With a thought, I am no longer next to her. I stand beside my knight, seeing him inside and out. His body is a trifle to mend, and like wiping dust from a windowsill, I smooth away the injuries. With little effort, I scan the thoughts within his mind, and… oh, what useful secrets lurking within! Many ways to control this one if he chooses to resist me.

My thief is dead. I refuse to abide that for the only one I recall who could consistently make me laugh, and a god deserves a jester even more than a king, right? All it takes is a touch to reignite the spark of life and bid the soul return to its body; funny, I always imagined resurrection to be a more difficult process.

Last of all, my sorceress. I don’t need to read her thoughts to recognize her profound denial of the reality of this situation. She flings chaotic bolts of fire and lightning and ice at me, howling threats and curses that mean very little.

If I want her as my high priestess, I should impress her more.

We stand in the middle of a great empty ribcage, and yes, I think a god-bone crown would suit me. Brittle ribs bend like supple grasses, shrink and weave themselves into an ornate crown to rest on my head. I crush the Godsblood gem in my fist and direct the shards to implant themselves in pleasing patterns within the bone.
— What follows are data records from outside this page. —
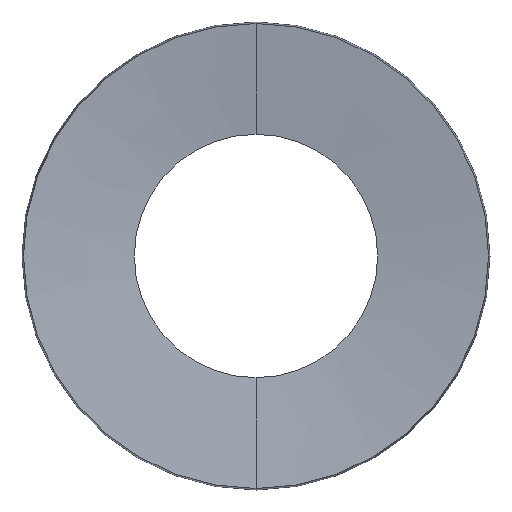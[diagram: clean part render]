
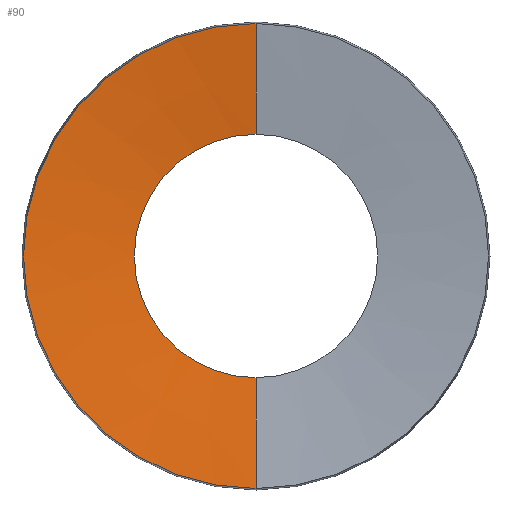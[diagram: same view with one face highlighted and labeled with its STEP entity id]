
A CAD part, front view. The second image highlights one B-rep face of the part: STEP entity #90.
In plain terms, the highlighted conical face has half-angle 82.733 degrees and reference radius 2.6 mm.
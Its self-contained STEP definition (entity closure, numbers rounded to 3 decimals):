
#19 = AXIS2_PLACEMENT_3D ( 'NONE', #206, #29, #165 ) ;
#29 = DIRECTION ( 'NONE',  ( 0., -1., 0. ) ) ;
#36 = VERTEX_POINT ( 'NONE', #143 ) ;
#39 = AXIS2_PLACEMENT_3D ( 'NONE', #188, #217, #221 ) ;
#50 = CARTESIAN_POINT ( 'NONE',  ( 0., 0., -4.968 ) ) ;
#58 = ORIENTED_EDGE ( 'NONE', *, *, #173, .F. ) ;
#59 = CARTESIAN_POINT ( 'NONE',  ( 0., 0.302, -2.6 ) ) ;
#67 = EDGE_LOOP ( 'NONE', ( #58, #252, #215, #245 ) ) ;
#71 = VERTEX_POINT ( 'NONE', #213 ) ;
#77 = VERTEX_POINT ( 'NONE', #83 ) ;
#83 = CARTESIAN_POINT ( 'NONE',  ( 0., 0.302, -2.6 ) ) ;
#90 = ADVANCED_FACE ( 'NONE', ( #289 ), #104, .F. ) ;
#94 = CARTESIAN_POINT ( 'NONE',  ( 0., 0.302, 2.6 ) ) ;
#95 = AXIS2_PLACEMENT_3D ( 'NONE', #107, #268, #169 ) ;
#104 = CONICAL_SURFACE ( 'NONE', #19, 2.6, 1.444 ) ;
#107 = CARTESIAN_POINT ( 'NONE',  ( 0., 0., 0. ) ) ;
#114 = EDGE_CURVE ( 'NONE', #36, #123, #174, .T. ) ;
#123 = VERTEX_POINT ( 'NONE', #50 ) ;
#135 = CIRCLE ( 'NONE', #39, 2.6 ) ;
#139 = LINE ( 'NONE', #94, #270 ) ;
#143 = CARTESIAN_POINT ( 'NONE',  ( 0., 0., 4.968 ) ) ;
#165 = DIRECTION ( 'NONE',  ( 0., 0., -1. ) ) ;
#169 = DIRECTION ( 'NONE',  ( 0., 0., -1. ) ) ;
#173 = EDGE_CURVE ( 'NONE', #71, #77, #135, .T. ) ;
#174 = CIRCLE ( 'NONE', #95, 4.968 ) ;
#188 = CARTESIAN_POINT ( 'NONE',  ( 0., 0.302, 0. ) ) ;
#206 = CARTESIAN_POINT ( 'NONE',  ( 0., 0.302, 0. ) ) ;
#213 = CARTESIAN_POINT ( 'NONE',  ( 0., 0.302, 2.6 ) ) ;
#214 = EDGE_CURVE ( 'NONE', #71, #36, #139, .T. ) ;
#215 = ORIENTED_EDGE ( 'NONE', *, *, #114, .T. ) ;
#217 = DIRECTION ( 'NONE',  ( 0., -1., 0. ) ) ;
#221 = DIRECTION ( 'NONE',  ( 0., 0., -1. ) ) ;
#244 = DIRECTION ( 'NONE',  ( 0., -0.126, 0.992 ) ) ;
#245 = ORIENTED_EDGE ( 'NONE', *, *, #258, .F. ) ;
#252 = ORIENTED_EDGE ( 'NONE', *, *, #214, .T. ) ;
#255 = VECTOR ( 'NONE', #264, 1000. ) ;
#258 = EDGE_CURVE ( 'NONE', #77, #123, #284, .T. ) ;
#264 = DIRECTION ( 'NONE',  ( 0., -0.126, -0.992 ) ) ;
#268 = DIRECTION ( 'NONE',  ( 0., -1., 0. ) ) ;
#270 = VECTOR ( 'NONE', #244, 1000. ) ;
#284 = LINE ( 'NONE', #59, #255 ) ;
#289 = FACE_OUTER_BOUND ( 'NONE', #67, .T. ) ;

Velle ceases her assault. I watch her delusions melt away upon witnessing me destroy the gem. The light of understanding dawns within her mind that my power is entirely mine, never to be stolen. A god-bone collar snakes around her neck as gently as a princess’s gloved hand, and I can taste her complete surrender.

The whole world also aches for my touch, but it will have to wait just a little longer for my design to perfect it. There are many more boons and banes buried within this graveyard world, and I’ll need every last one if I wish to extend my reach beyond even the stars.

And my first three worshippers still need training.